[Task requirements]: Transcribe the data exactly. Pictures stay out.

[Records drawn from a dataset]
= = = = =

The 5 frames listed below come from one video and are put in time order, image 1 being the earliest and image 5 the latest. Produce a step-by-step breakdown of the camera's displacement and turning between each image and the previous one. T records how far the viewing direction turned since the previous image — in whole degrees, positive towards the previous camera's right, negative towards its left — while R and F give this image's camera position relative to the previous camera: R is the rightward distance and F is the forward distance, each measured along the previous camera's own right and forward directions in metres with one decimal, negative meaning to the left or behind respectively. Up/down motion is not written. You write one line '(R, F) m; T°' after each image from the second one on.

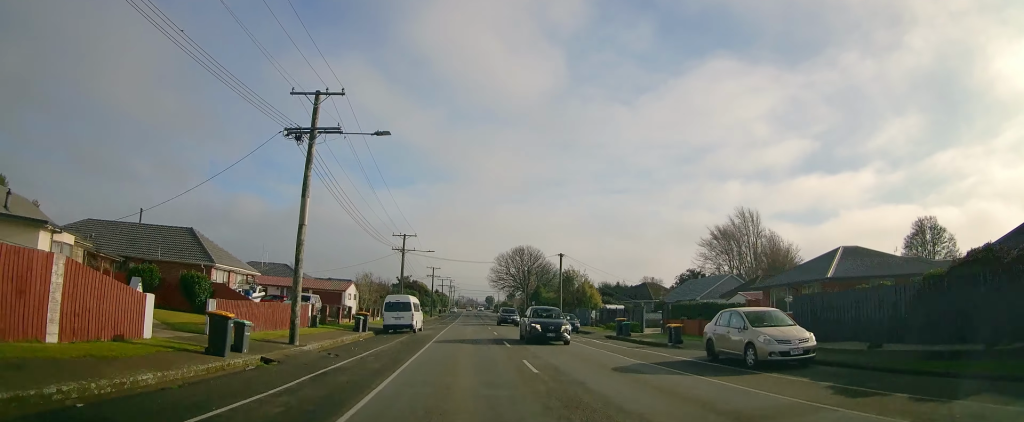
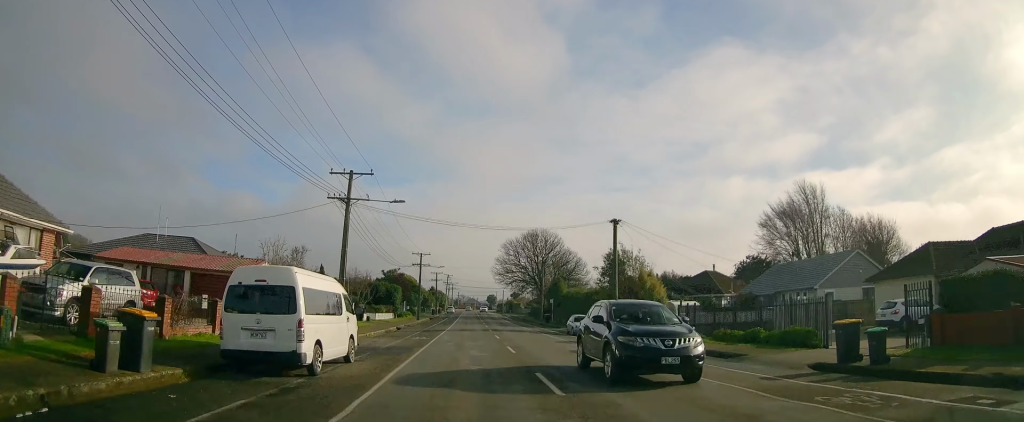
(-0.1, +22.0) m; -1°
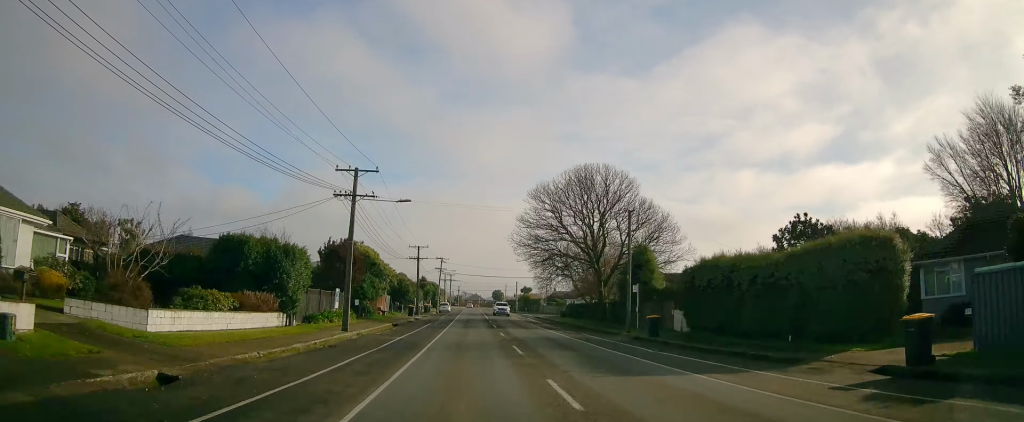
(-1.4, +38.9) m; -2°
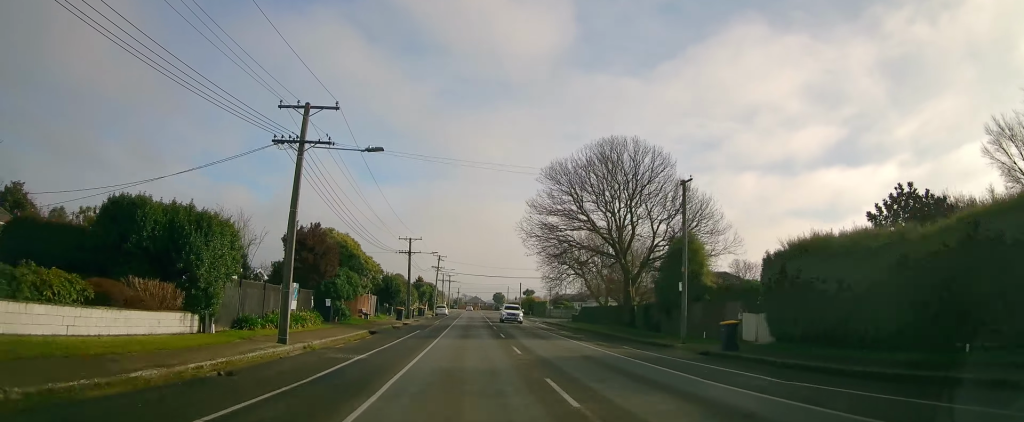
(+0.2, +8.8) m; +2°
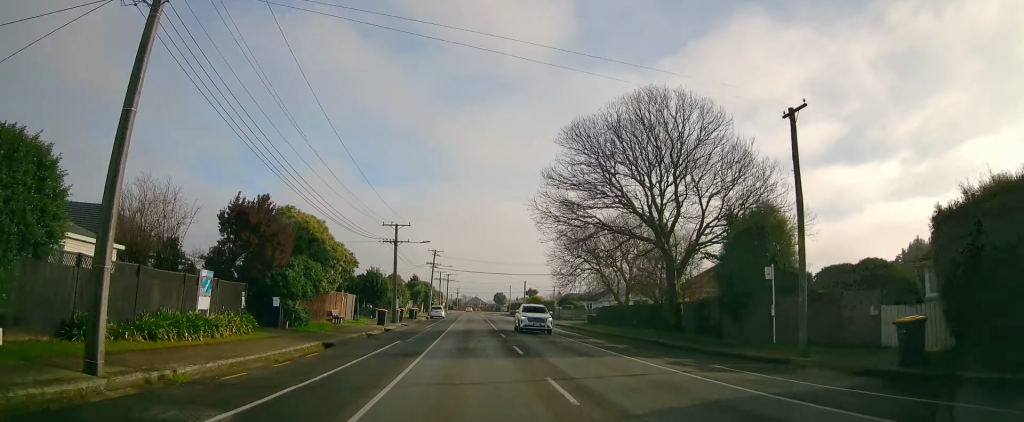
(+0.2, +9.4) m; +1°

= = = = =

[Output]:
The 5 frames listed below come from one video and are put in time order, image 1 being the earliest and image 5 the latest. Produce a step-by-step breakdown of the camera's displacement and turning between each image and the previous one. T records how far the viewing direction turned since the previous image — in whole degrees, positive towards the previous camera's right, negative towards its left — while R and F give this image's camera position relative to the previous camera: R is the rightward distance and F is the forward distance, each measured along the previous camera's own right and forward directions in metres with one decimal, negative meaning to the left or behind respectively. Up/down motion is not written. You write one line '(R, F) m; T°' after each image from the second one on.

(-0.1, +22.0) m; -1°
(-1.4, +38.9) m; -2°
(+0.2, +8.8) m; +2°
(+0.2, +9.4) m; +1°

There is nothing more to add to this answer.